%%

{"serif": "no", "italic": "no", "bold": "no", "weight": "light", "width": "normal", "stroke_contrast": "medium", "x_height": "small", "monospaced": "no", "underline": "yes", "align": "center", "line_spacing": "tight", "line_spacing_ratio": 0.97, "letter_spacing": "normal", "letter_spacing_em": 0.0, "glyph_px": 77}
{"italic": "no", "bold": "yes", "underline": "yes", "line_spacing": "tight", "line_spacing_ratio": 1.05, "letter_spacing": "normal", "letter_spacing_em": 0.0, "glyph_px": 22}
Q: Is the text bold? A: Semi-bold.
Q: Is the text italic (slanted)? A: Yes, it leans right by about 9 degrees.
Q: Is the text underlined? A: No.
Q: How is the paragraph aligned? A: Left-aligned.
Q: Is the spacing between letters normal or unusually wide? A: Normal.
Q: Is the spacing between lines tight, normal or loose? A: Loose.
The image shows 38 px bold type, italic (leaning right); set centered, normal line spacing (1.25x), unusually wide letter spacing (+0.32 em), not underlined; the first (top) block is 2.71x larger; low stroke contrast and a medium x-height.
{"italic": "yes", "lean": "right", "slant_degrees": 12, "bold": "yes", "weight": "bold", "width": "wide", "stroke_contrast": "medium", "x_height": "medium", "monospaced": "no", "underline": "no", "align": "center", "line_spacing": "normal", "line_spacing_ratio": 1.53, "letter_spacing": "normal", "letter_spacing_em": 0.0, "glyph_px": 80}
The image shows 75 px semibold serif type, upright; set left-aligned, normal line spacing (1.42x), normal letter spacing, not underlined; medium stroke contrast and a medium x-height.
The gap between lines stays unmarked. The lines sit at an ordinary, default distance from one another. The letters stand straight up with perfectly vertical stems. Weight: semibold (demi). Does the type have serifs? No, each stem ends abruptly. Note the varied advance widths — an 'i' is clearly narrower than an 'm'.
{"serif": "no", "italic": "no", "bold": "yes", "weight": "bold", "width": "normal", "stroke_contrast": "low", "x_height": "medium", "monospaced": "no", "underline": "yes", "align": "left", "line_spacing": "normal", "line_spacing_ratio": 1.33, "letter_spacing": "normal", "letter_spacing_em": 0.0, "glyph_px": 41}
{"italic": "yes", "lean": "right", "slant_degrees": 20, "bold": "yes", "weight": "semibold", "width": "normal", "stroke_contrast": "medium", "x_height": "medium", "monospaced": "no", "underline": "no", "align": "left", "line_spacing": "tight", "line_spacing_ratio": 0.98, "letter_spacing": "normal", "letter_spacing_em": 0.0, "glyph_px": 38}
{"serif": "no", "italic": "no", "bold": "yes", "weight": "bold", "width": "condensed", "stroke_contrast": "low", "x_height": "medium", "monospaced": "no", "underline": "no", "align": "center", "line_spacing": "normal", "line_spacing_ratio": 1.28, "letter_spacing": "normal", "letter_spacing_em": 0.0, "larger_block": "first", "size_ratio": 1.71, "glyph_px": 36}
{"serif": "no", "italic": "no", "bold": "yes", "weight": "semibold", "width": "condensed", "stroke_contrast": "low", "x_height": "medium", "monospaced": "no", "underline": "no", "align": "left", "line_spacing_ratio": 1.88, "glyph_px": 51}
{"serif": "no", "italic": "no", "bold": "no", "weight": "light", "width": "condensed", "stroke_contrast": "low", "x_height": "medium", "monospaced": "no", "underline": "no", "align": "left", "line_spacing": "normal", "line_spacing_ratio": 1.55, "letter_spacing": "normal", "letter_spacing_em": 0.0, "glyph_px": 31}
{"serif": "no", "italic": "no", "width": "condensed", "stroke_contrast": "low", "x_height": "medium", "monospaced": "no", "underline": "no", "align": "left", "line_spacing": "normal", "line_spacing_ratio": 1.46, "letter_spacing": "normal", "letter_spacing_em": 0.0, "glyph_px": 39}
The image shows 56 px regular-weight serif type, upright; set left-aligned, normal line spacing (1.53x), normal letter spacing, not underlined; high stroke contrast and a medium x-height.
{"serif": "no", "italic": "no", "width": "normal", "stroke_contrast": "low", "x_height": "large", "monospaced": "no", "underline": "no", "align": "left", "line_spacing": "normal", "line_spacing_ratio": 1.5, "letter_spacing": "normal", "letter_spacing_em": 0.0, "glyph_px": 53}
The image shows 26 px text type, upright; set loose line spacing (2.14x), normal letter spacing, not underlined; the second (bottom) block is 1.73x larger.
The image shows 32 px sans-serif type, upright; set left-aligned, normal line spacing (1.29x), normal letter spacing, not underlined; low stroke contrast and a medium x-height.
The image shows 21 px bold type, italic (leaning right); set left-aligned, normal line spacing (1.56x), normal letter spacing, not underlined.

%%

WORK TO BE COMPLETED
Reproduce the whole listing, exactly.

ANSWER TO THE PROBLEM
{"serif": "no", "italic": "no", "bold": "no", "weight": "light", "width": "normal", "stroke_contrast": "medium", "x_height": "small", "monospaced": "no", "underline": "yes", "align": "center", "line_spacing": "tight", "line_spacing_ratio": 0.97, "letter_spacing": "normal", "letter_spacing_em": 0.0, "glyph_px": 77}
{"italic": "no", "bold": "yes", "underline": "yes", "line_spacing": "tight", "line_spacing_ratio": 1.05, "letter_spacing": "normal", "letter_spacing_em": 0.0, "glyph_px": 22}
Q: Is the text bold? A: Semi-bold.
Q: Is the text italic (slanted)? A: Yes, it leans right by about 9 degrees.
Q: Is the text underlined? A: No.
Q: How is the paragraph aligned? A: Left-aligned.
Q: Is the spacing between letters normal or unusually wide? A: Normal.
Q: Is the spacing between lines tight, normal or loose? A: Loose.
The image shows 38 px bold type, italic (leaning right); set centered, normal line spacing (1.25x), unusually wide letter spacing (+0.32 em), not underlined; the first (top) block is 2.71x larger; low stroke contrast and a medium x-height.
{"italic": "yes", "lean": "right", "slant_degrees": 12, "bold": "yes", "weight": "bold", "width": "wide", "stroke_contrast": "medium", "x_height": "medium", "monospaced": "no", "underline": "no", "align": "center", "line_spacing": "normal", "line_spacing_ratio": 1.53, "letter_spacing": "normal", "letter_spacing_em": 0.0, "glyph_px": 80}
The image shows 75 px semibold serif type, upright; set left-aligned, normal line spacing (1.42x), normal letter spacing, not underlined; medium stroke contrast and a medium x-height.
The gap between lines stays unmarked. The lines sit at an ordinary, default distance from one another. The letters stand straight up with perfectly vertical stems. Weight: semibold (demi). Does the type have serifs? No, each stem ends abruptly. Note the varied advance widths — an 'i' is clearly narrower than an 'm'.
{"serif": "no", "italic": "no", "bold": "yes", "weight": "bold", "width": "normal", "stroke_contrast": "low", "x_height": "medium", "monospaced": "no", "underline": "yes", "align": "left", "line_spacing": "normal", "line_spacing_ratio": 1.33, "letter_spacing": "normal", "letter_spacing_em": 0.0, "glyph_px": 41}
{"italic": "yes", "lean": "right", "slant_degrees": 20, "bold": "yes", "weight": "semibold", "width": "normal", "stroke_contrast": "medium", "x_height": "medium", "monospaced": "no", "underline": "no", "align": "left", "line_spacing": "tight", "line_spacing_ratio": 0.98, "letter_spacing": "normal", "letter_spacing_em": 0.0, "glyph_px": 38}
{"serif": "no", "italic": "no", "bold": "yes", "weight": "bold", "width": "condensed", "stroke_contrast": "low", "x_height": "medium", "monospaced": "no", "underline": "no", "align": "center", "line_spacing": "normal", "line_spacing_ratio": 1.28, "letter_spacing": "normal", "letter_spacing_em": 0.0, "larger_block": "first", "size_ratio": 1.71, "glyph_px": 36}
{"serif": "no", "italic": "no", "bold": "yes", "weight": "semibold", "width": "condensed", "stroke_contrast": "low", "x_height": "medium", "monospaced": "no", "underline": "no", "align": "left", "line_spacing_ratio": 1.88, "glyph_px": 51}
{"serif": "no", "italic": "no", "bold": "no", "weight": "light", "width": "condensed", "stroke_contrast": "low", "x_height": "medium", "monospaced": "no", "underline": "no", "align": "left", "line_spacing": "normal", "line_spacing_ratio": 1.55, "letter_spacing": "normal", "letter_spacing_em": 0.0, "glyph_px": 31}
{"serif": "no", "italic": "no", "width": "condensed", "stroke_contrast": "low", "x_height": "medium", "monospaced": "no", "underline": "no", "align": "left", "line_spacing": "normal", "line_spacing_ratio": 1.46, "letter_spacing": "normal", "letter_spacing_em": 0.0, "glyph_px": 39}
The image shows 56 px regular-weight serif type, upright; set left-aligned, normal line spacing (1.53x), normal letter spacing, not underlined; high stroke contrast and a medium x-height.
{"serif": "no", "italic": "no", "width": "normal", "stroke_contrast": "low", "x_height": "large", "monospaced": "no", "underline": "no", "align": "left", "line_spacing": "normal", "line_spacing_ratio": 1.5, "letter_spacing": "normal", "letter_spacing_em": 0.0, "glyph_px": 53}
The image shows 26 px text type, upright; set loose line spacing (2.14x), normal letter spacing, not underlined; the second (bottom) block is 1.73x larger.
The image shows 32 px sans-serif type, upright; set left-aligned, normal line spacing (1.29x), normal letter spacing, not underlined; low stroke contrast and a medium x-height.
The image shows 21 px bold type, italic (leaning right); set left-aligned, normal line spacing (1.56x), normal letter spacing, not underlined.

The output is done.